Collected data

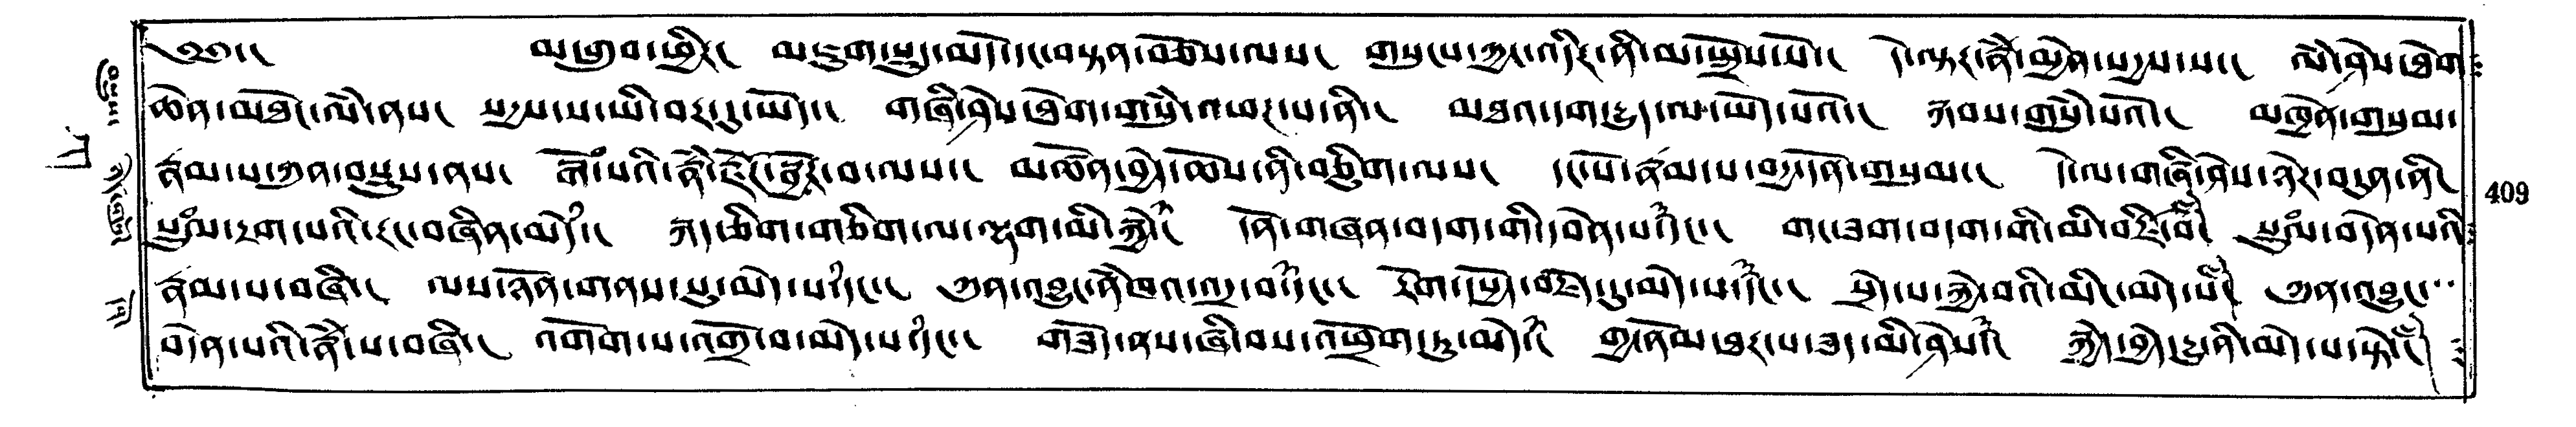མ་གྲུབ་ཕྱིར། །མཇུག་སྡུད་མདོ་དང་བསྟན་བཅོས་ལས། །གསུངས་ཀྱང་འདིར་ནི་མ་སྤྲོས་སོ། །དེ་ལྟར་རྣམ་མཁྱེན་སངས་རྒྱས་སར། །ལམ་ཤེས་ཐེག་
ཆེན་མཐོང་ལམ་ནས། །སངས་རྒྱས་ས་ཡི་བར་དུ་ཡོད། །གཞི་ཤེས་ཐེག་གསུམ་འཕགས་པ་ནི། །མཐའ་དག་རྒྱུད་ལ་ཡོད་པའོ།། སྐབས་གསུམ་པའོ།། མཁྱེན་གསུམ་
རྣམ་པ་ཀུན་བསྡུས་ནས། །སྒོམ་པའི་རྣམ་རྫོགས་སྦྱོར་བ་ལས། །མཚོན་བྱེད་ཆོས་ནི་བཅུ་གཅིག་ལས། །དང་པོ་རྣམ་པ་བརྒྱ་དོན་གསུམ། །དེ་ལ་གཞི་ཤེས་ཉེར་བདུན་ནི། །
སྡུག་བསྔལ་རྟག་པའི་རང་བཞིན་མེད། །སྐད་ཅིག་གཅིག་ལ་ལྷག་མི་སྐྱེ། །དོན་གཞན་བདག་གི་དབེན་པ་དང་། །གང་ཟག་བདག་གི་མི་བརྫི་བ། །སྡུག་བསྔལ་བདེན་པའི་
རྣམ་པ་བཞི། །ལས་ཉོན་གནས་སུ་མེད་པ་དང་། །ཀུན་འབྱུང་ནམ་མཁའ་འདྲ་བ་དང་། །རྟོག་དཔྱོད་བརྗོད་དུ་མེད་པ་དང་། །སྲེད་པ་སྐྱེ་བའི་མིང་མེད་པ། །ཀུན་འབྱུང་
བདེན་པའི་རྣམ་པ་བཞི། །འགོག་པ་འགྲོ་བ་མེད་པ་དང་། །གཟོད་ནས་ཞི་བས་འཕྲོག་ཏུ་མེད། །གྱ་ནོམ་ཐར་པ་ཟད་མི་ཤེས། །སྐྱེད་བྱེད་རྒྱུ་ནི་མེད་པ་སྟེ། །
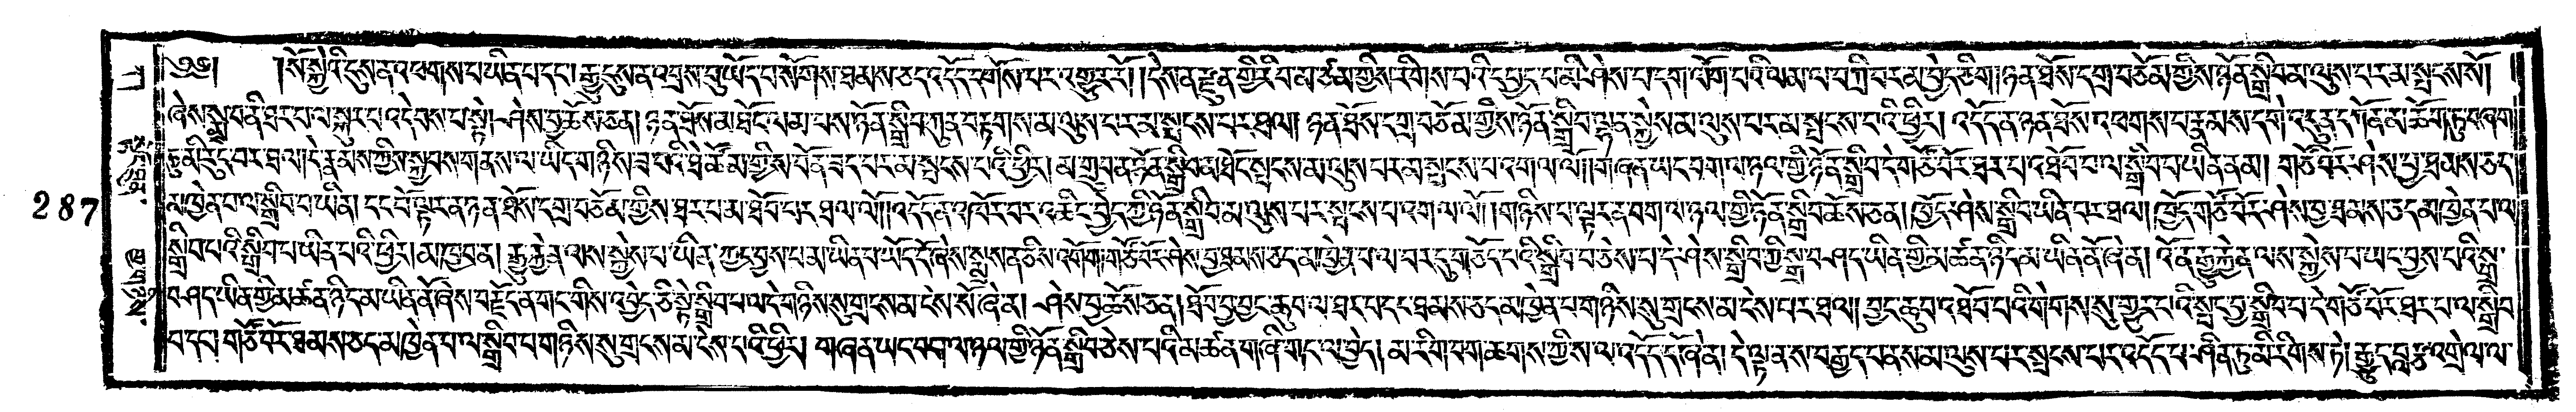༄༅། །སོ་སྐྱེའི་དུས་ན་འཕགས་པ་ཡིན་པ་དང་། རྒྱུ་དུས་ན་འབྲས་བུ་ཡོད་པ་སོགས་ཐམས་ཅད་འདོད་དགོས་པར་འགྱུར་རོ། །དེས་ན་རྫུན་གྱི་རིབ་མ་ཙམ་གྱིས་རིགས་པའི་དཔྱད་པ་མི་ཤེས་པ་དག་ལོག་པའི་ལམ་ལ་བཀྲི་བར་མ་བྱེད་ཅིག །ཉན་ཐོས་དགྲ་བཅོམ་གྱིས་ཉོན་སྒྲིབ་མ་ལུས་པར་མ་སྤངས་སོ།
ཞེས་སྨྲ་བ་ནི་ཐར་པ་ལ་སྐུར་པ་འདེབས་པ་སྟེ། ཤེས་བྱ་ཆོས་ཅན། ཉན་ཐོས་མཐོང་ལམ་པས་ཉོན་སྒྲིབ་ཀུན་བརྟགས་མ་ལུས་པར་མ་སྤངས་པར་ཐལ། ཉན་ཐོས་དགྲ་བཅོམ་གྱིས་ཉོན་སྒྲིབ་ལྷན་སྐྱེས་མ་ལུས་པར་མ་སྤངས་པའི་ཕྱིར། འདོད་ན་ཉན་ཐོས་འཕགས་པ་རྣམས་དགེ་འདུན་དཀོན་མཆོག་ཏུ་བཞག་
ཏུ་མི་རུང་བར་ཐལ། དེ་རྣམས་ཀྱིས་སྐྱབས་གནས་ལ་ཡིད་གཉིས་ཟ་བའི་ཐེ་ཚོམ་གྱི་ས་བོན་ཟད་པར་མ་སྤངས་པའི་ཕྱིར། མ་གྲུབ་ན་ཉོན་སྒྲིབ་མཐོང་སྤངས་མ་ལུས་པར་མ་སྤངས་པ་འགལ་ལོ། །གཞན་ཡང་བག་ལ་ཉལ་གྱི་ཉོན་སྒྲིབ་དེ་གཙོ་བོར་ཐར་པ་འཐོབ་པ་ལ་སྒྲིབ་པ་ཡིན་ནམ། གཙོ་བོར་ཤེས་བྱ་ཐམས་ཅད་
མཁྱེན་པ་ལ་སྒྲིབ་པ་ཡིན། དང་པོ་ལྟར་ན་ཉན་ཐོས་དགྲ་བཅོམ་གྱིས་ཐར་པ་མ་ཐོབ་པར་ཐལ་ལོ། །འདོད་ན་འཁོར་བར་འཆིང་བྱེད་ཀྱི་ཉོན་སྒྲིབ་མ་ལུས་པར་སྤངས་པ་འགལ་ལོ། །གཉིས་པ་ལྟར་ན་བག་ལ་ཉལ་གྱི་ཉོན་སྒྲིབ་ཆོས་ཅན། ཁྱོད་ཤེས་སྒྲིབ་ཡིན་པར་ཐལ། ཁྱོད་གཙོ་བོར་ཤེས་བྱ་ཐམས་ཅད་མཁྱེན་པ་ལ་
སྒྲིབ་པའི་སྒྲིབ་པ་ཡིན་པའི་ཕྱིར། མ་ཁྱབ་ན། རྒྱུ་རྐྱེན་ལས་སྐྱེས་པ་ཡིན་ཀྱང་བྱས་པ་མ་ཡིན་པ་ཡོད་དོ་ཞེས་སྨྲས་ན་ཅིས་འགོག། གཙོ་བོར་ཤེས་བྱ་ཐམས་ཅད་མཁྱེན་པ་ལ་བར་དུ་གཅོད་པའི་སྒྲིབ་པ་ཅེས་པ་དེ་ཤེས་སྒྲིབ་ཀྱི་སྒྲ་བཤད་ཡིན་གྱི་མཚན་ཉིད་མ་ཡིན་ནོ་ཞེ་ན། འོ་ན་རྒྱུ་རྐྱེན་ལས་སྐྱེས་པ་ཡང་བྱས་པའི་སྒྲ་
བཤད་ཡིན་གྱི་མཚན་ཉིད་མ་ཡིན་ནོ་ཞེས་བརྗོད་ན་གང་གིས་འབྱེད་ཅི་སྟེ་སྒྲིབ་པ་ལ་དེ་གཉིས་སུ་གྲངས་མ་ངེས་སོ་ཞེ་ར། ཤེས་བྱ་ཆོས་ཅན། ཐོབ་བྱ་བྱང་ཆུབ་ལ་ཐར་པ་དང་ཐམས་ཅད་མཁྱེན་པ་གཉིས་སུ་གྲངས་མ་ངེས་པར་ཐལ། བྱང་ཆུབ་འཐོབ་པའི་གེགས་སུ་གྱུར་པའི་སྤང་བྱ་སྒྲིབ་པ་དེ་གཙོ་བོར་ཐར་པ་ལ་སྒྲིབ་
བ་དང་། གཙོ་བོར་ཐམས་ཅད་མཁྱེན་པ་ལ་སྒྲིབ་པ་གཉིས་སུ་གྲངས་མ་ངེས་པའི་ཕྱིར། གཞན་ཡང་བག་ལ་ཉལ་གྱི་ཉོན་སྒྲིབ་ཅེས་པའི་མཚན་གཞི་གང་ལ་བྱེད། མ་རིག་བག་ཆགས་ཀྱིས་ལ་འདོད་དོ་ཞེ་ན། དེ་ལྟ་ན་ས་བརྒྱད་པ་ནས་མ་ལུས་པར་སྤངས་པར་འདོད་པ་ཤིན་ཏུ་མི་རིགས་ཏེ། རྒྱུད་བླ་རྩ་འགྲེལ་ལ་
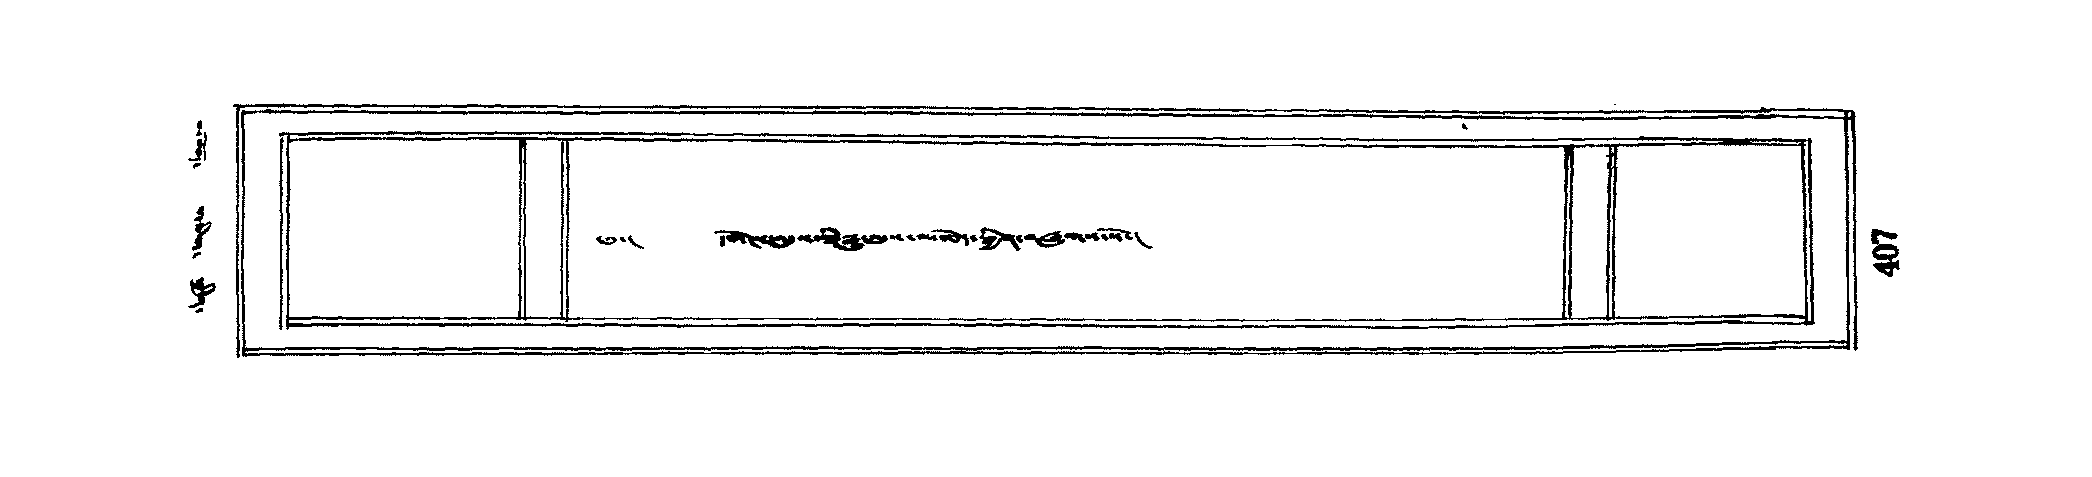༄༅། དགོངས་འདུས་ཀྱི་སྒྱུ་ལུས་མཆོད་སྦྱིན་བཞུགས་སོ།

DIRECTIONS: Repeat the entries verbatim; no pictures.

TASK RESULT:
མ་གྲུབ་ཕྱིར། །མཇུག་སྡུད་མདོ་དང་བསྟན་བཅོས་ལས། །གསུངས་ཀྱང་འདིར་ནི་མ་སྤྲོས་སོ། །དེ་ལྟར་རྣམ་མཁྱེན་སངས་རྒྱས་སར། །ལམ་ཤེས་ཐེག་
ཆེན་མཐོང་ལམ་ནས། །སངས་རྒྱས་ས་ཡི་བར་དུ་ཡོད། །གཞི་ཤེས་ཐེག་གསུམ་འཕགས་པ་ནི། །མཐའ་དག་རྒྱུད་ལ་ཡོད་པའོ།། སྐབས་གསུམ་པའོ།། མཁྱེན་གསུམ་
རྣམ་པ་ཀུན་བསྡུས་ནས། །སྒོམ་པའི་རྣམ་རྫོགས་སྦྱོར་བ་ལས། །མཚོན་བྱེད་ཆོས་ནི་བཅུ་གཅིག་ལས། །དང་པོ་རྣམ་པ་བརྒྱ་དོན་གསུམ། །དེ་ལ་གཞི་ཤེས་ཉེར་བདུན་ནི། །
སྡུག་བསྔལ་རྟག་པའི་རང་བཞིན་མེད། །སྐད་ཅིག་གཅིག་ལ་ལྷག་མི་སྐྱེ། །དོན་གཞན་བདག་གི་དབེན་པ་དང་། །གང་ཟག་བདག་གི་མི་བརྫི་བ། །སྡུག་བསྔལ་བདེན་པའི་
རྣམ་པ་བཞི། །ལས་ཉོན་གནས་སུ་མེད་པ་དང་། །ཀུན་འབྱུང་ནམ་མཁའ་འདྲ་བ་དང་། །རྟོག་དཔྱོད་བརྗོད་དུ་མེད་པ་དང་། །སྲེད་པ་སྐྱེ་བའི་མིང་མེད་པ། །ཀུན་འབྱུང་
བདེན་པའི་རྣམ་པ་བཞི། །འགོག་པ་འགྲོ་བ་མེད་པ་དང་། །གཟོད་ནས་ཞི་བས་འཕྲོག་ཏུ་མེད། །གྱ་ནོམ་ཐར་པ་ཟད་མི་ཤེས། །སྐྱེད་བྱེད་རྒྱུ་ནི་མེད་པ་སྟེ། །
༄༅། །སོ་སྐྱེའི་དུས་ན་འཕགས་པ་ཡིན་པ་དང་། རྒྱུ་དུས་ན་འབྲས་བུ་ཡོད་པ་སོགས་ཐམས་ཅད་འདོད་དགོས་པར་འགྱུར་རོ། །དེས་ན་རྫུན་གྱི་རིབ་མ་ཙམ་གྱིས་རིགས་པའི་དཔྱད་པ་མི་ཤེས་པ་དག་ལོག་པའི་ལམ་ལ་བཀྲི་བར་མ་བྱེད་ཅིག །ཉན་ཐོས་དགྲ་བཅོམ་གྱིས་ཉོན་སྒྲིབ་མ་ལུས་པར་མ་སྤངས་སོ།
ཞེས་སྨྲ་བ་ནི་ཐར་པ་ལ་སྐུར་པ་འདེབས་པ་སྟེ། ཤེས་བྱ་ཆོས་ཅན། ཉན་ཐོས་མཐོང་ལམ་པས་ཉོན་སྒྲིབ་ཀུན་བརྟགས་མ་ལུས་པར་མ་སྤངས་པར་ཐལ། ཉན་ཐོས་དགྲ་བཅོམ་གྱིས་ཉོན་སྒྲིབ་ལྷན་སྐྱེས་མ་ལུས་པར་མ་སྤངས་པའི་ཕྱིར། འདོད་ན་ཉན་ཐོས་འཕགས་པ་རྣམས་དགེ་འདུན་དཀོན་མཆོག་ཏུ་བཞག་
ཏུ་མི་རུང་བར་ཐལ། དེ་རྣམས་ཀྱིས་སྐྱབས་གནས་ལ་ཡིད་གཉིས་ཟ་བའི་ཐེ་ཚོམ་གྱི་ས་བོན་ཟད་པར་མ་སྤངས་པའི་ཕྱིར། མ་གྲུབ་ན་ཉོན་སྒྲིབ་མཐོང་སྤངས་མ་ལུས་པར་མ་སྤངས་པ་འགལ་ལོ། །གཞན་ཡང་བག་ལ་ཉལ་གྱི་ཉོན་སྒྲིབ་དེ་གཙོ་བོར་ཐར་པ་འཐོབ་པ་ལ་སྒྲིབ་པ་ཡིན་ནམ། གཙོ་བོར་ཤེས་བྱ་ཐམས་ཅད་
མཁྱེན་པ་ལ་སྒྲིབ་པ་ཡིན། དང་པོ་ལྟར་ན་ཉན་ཐོས་དགྲ་བཅོམ་གྱིས་ཐར་པ་མ་ཐོབ་པར་ཐལ་ལོ། །འདོད་ན་འཁོར་བར་འཆིང་བྱེད་ཀྱི་ཉོན་སྒྲིབ་མ་ལུས་པར་སྤངས་པ་འགལ་ལོ། །གཉིས་པ་ལྟར་ན་བག་ལ་ཉལ་གྱི་ཉོན་སྒྲིབ་ཆོས་ཅན། ཁྱོད་ཤེས་སྒྲིབ་ཡིན་པར་ཐལ། ཁྱོད་གཙོ་བོར་ཤེས་བྱ་ཐམས་ཅད་མཁྱེན་པ་ལ་
སྒྲིབ་པའི་སྒྲིབ་པ་ཡིན་པའི་ཕྱིར། མ་ཁྱབ་ན། རྒྱུ་རྐྱེན་ལས་སྐྱེས་པ་ཡིན་ཀྱང་བྱས་པ་མ་ཡིན་པ་ཡོད་དོ་ཞེས་སྨྲས་ན་ཅིས་འགོག། གཙོ་བོར་ཤེས་བྱ་ཐམས་ཅད་མཁྱེན་པ་ལ་བར་དུ་གཅོད་པའི་སྒྲིབ་པ་ཅེས་པ་དེ་ཤེས་སྒྲིབ་ཀྱི་སྒྲ་བཤད་ཡིན་གྱི་མཚན་ཉིད་མ་ཡིན་ནོ་ཞེ་ན། འོ་ན་རྒྱུ་རྐྱེན་ལས་སྐྱེས་པ་ཡང་བྱས་པའི་སྒྲ་
བཤད་ཡིན་གྱི་མཚན་ཉིད་མ་ཡིན་ནོ་ཞེས་བརྗོད་ན་གང་གིས་འབྱེད་ཅི་སྟེ་སྒྲིབ་པ་ལ་དེ་གཉིས་སུ་གྲངས་མ་ངེས་སོ་ཞེ་ར། ཤེས་བྱ་ཆོས་ཅན། ཐོབ་བྱ་བྱང་ཆུབ་ལ་ཐར་པ་དང་ཐམས་ཅད་མཁྱེན་པ་གཉིས་སུ་གྲངས་མ་ངེས་པར་ཐལ། བྱང་ཆུབ་འཐོབ་པའི་གེགས་སུ་གྱུར་པའི་སྤང་བྱ་སྒྲིབ་པ་དེ་གཙོ་བོར་ཐར་པ་ལ་སྒྲིབ་
བ་དང་། གཙོ་བོར་ཐམས་ཅད་མཁྱེན་པ་ལ་སྒྲིབ་པ་གཉིས་སུ་གྲངས་མ་ངེས་པའི་ཕྱིར། གཞན་ཡང་བག་ལ་ཉལ་གྱི་ཉོན་སྒྲིབ་ཅེས་པའི་མཚན་གཞི་གང་ལ་བྱེད། མ་རིག་བག་ཆགས་ཀྱིས་ལ་འདོད་དོ་ཞེ་ན། དེ་ལྟ་ན་ས་བརྒྱད་པ་ནས་མ་ལུས་པར་སྤངས་པར་འདོད་པ་ཤིན་ཏུ་མི་རིགས་ཏེ། རྒྱུད་བླ་རྩ་འགྲེལ་ལ་
༄༅། དགོངས་འདུས་ཀྱི་སྒྱུ་ལུས་མཆོད་སྦྱིན་བཞུགས་སོ།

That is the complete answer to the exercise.